The UAE bans any criticism of its leaders and any speech that could incite or encourage social unrest © Mena Today 

A United Arab Emirates (UAE) court on Wednesday sentenced 43 dissidents to life in prison for operating what it said was a Muslim Brotherhood group that aimed to commit attacks in the country, state news agency WAM reported.

Eleven others received lesser sentences and six companies were convicted of money laundering to support a terrorist organization, it added.

A human rights coalition, which includes Human Rights Watch, said the convictions followed a mass trial that was "fundamentally unfair" and called for them to be immediately overturned.

The UAE's media office did not immediately respond to a request for comment.

The verdict can be appealed before the UAE's Federal Supreme Court, WAM said.

Those convicted were members of the Justice and Dignity Committee, a local group of the Muslim Brotherhood, one of the Arab world's oldest and most influential Islamist movements which the UAE listed as a terrorist organization in 2014, WAM reported.
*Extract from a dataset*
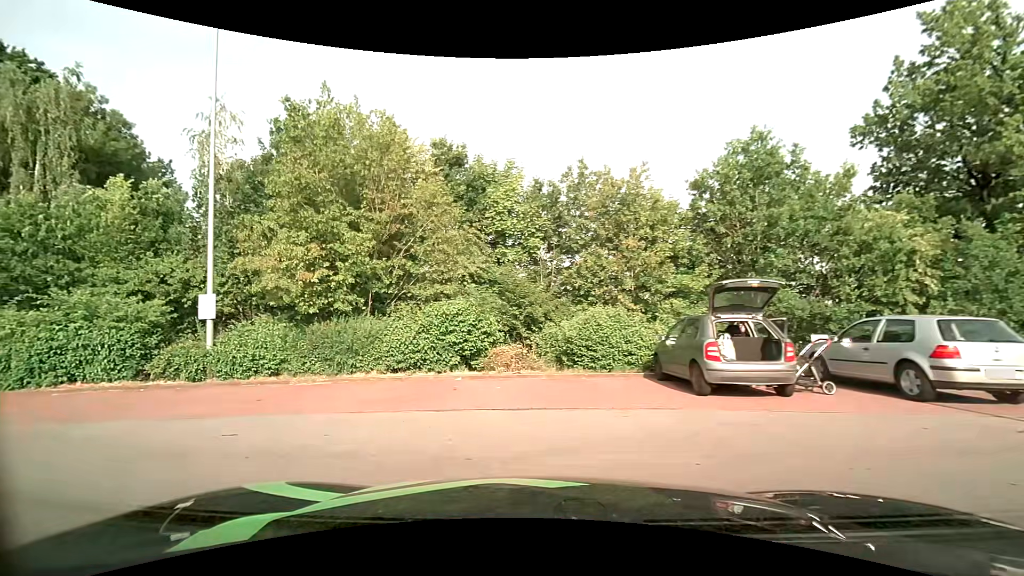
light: Day
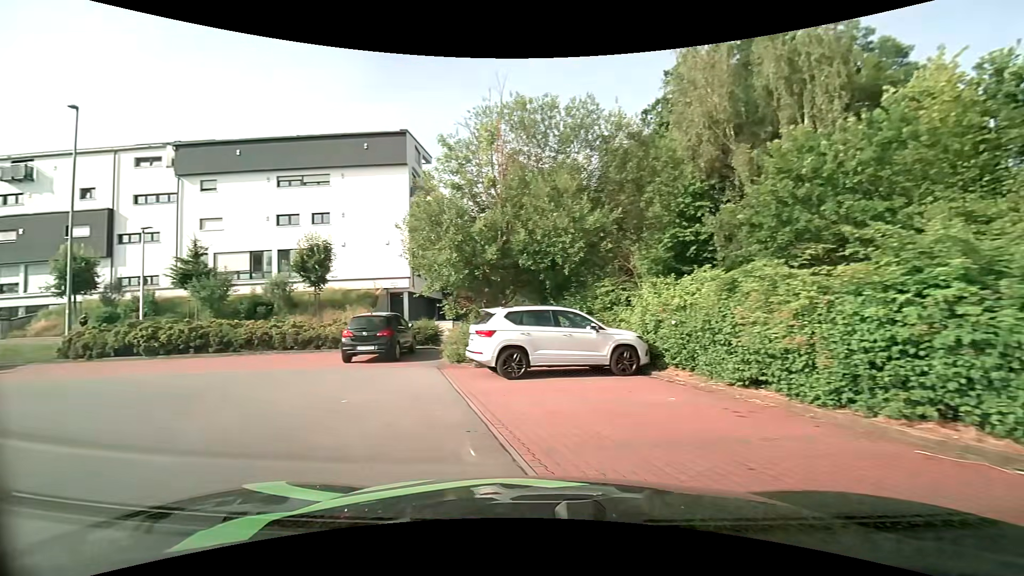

They "worked to create and replicate violent events in the country, similar to what has occurred in other Arab states," including protests and clashes with security forces, WAM said, citing the court, without specifying their plans.

"These over-the-top long sentences make a mockery of justice and are another nail in the coffin for the UAE's nascent civil society," Joey Shea, Human Rights Watch's UAE researcher, said in a statement.

"The UAE has dragged scores of its most dedicated human rights defenders and civil society members through a shamelessly unfair trial riddled with due process violations and torture allegations."

The Emirates Detainees Advocacy Center said those convicted had already been convicted in 2013 for their involvement with the group, raising concern that the UAE is trying people twice for the same offense, a principle known as double jeopardy.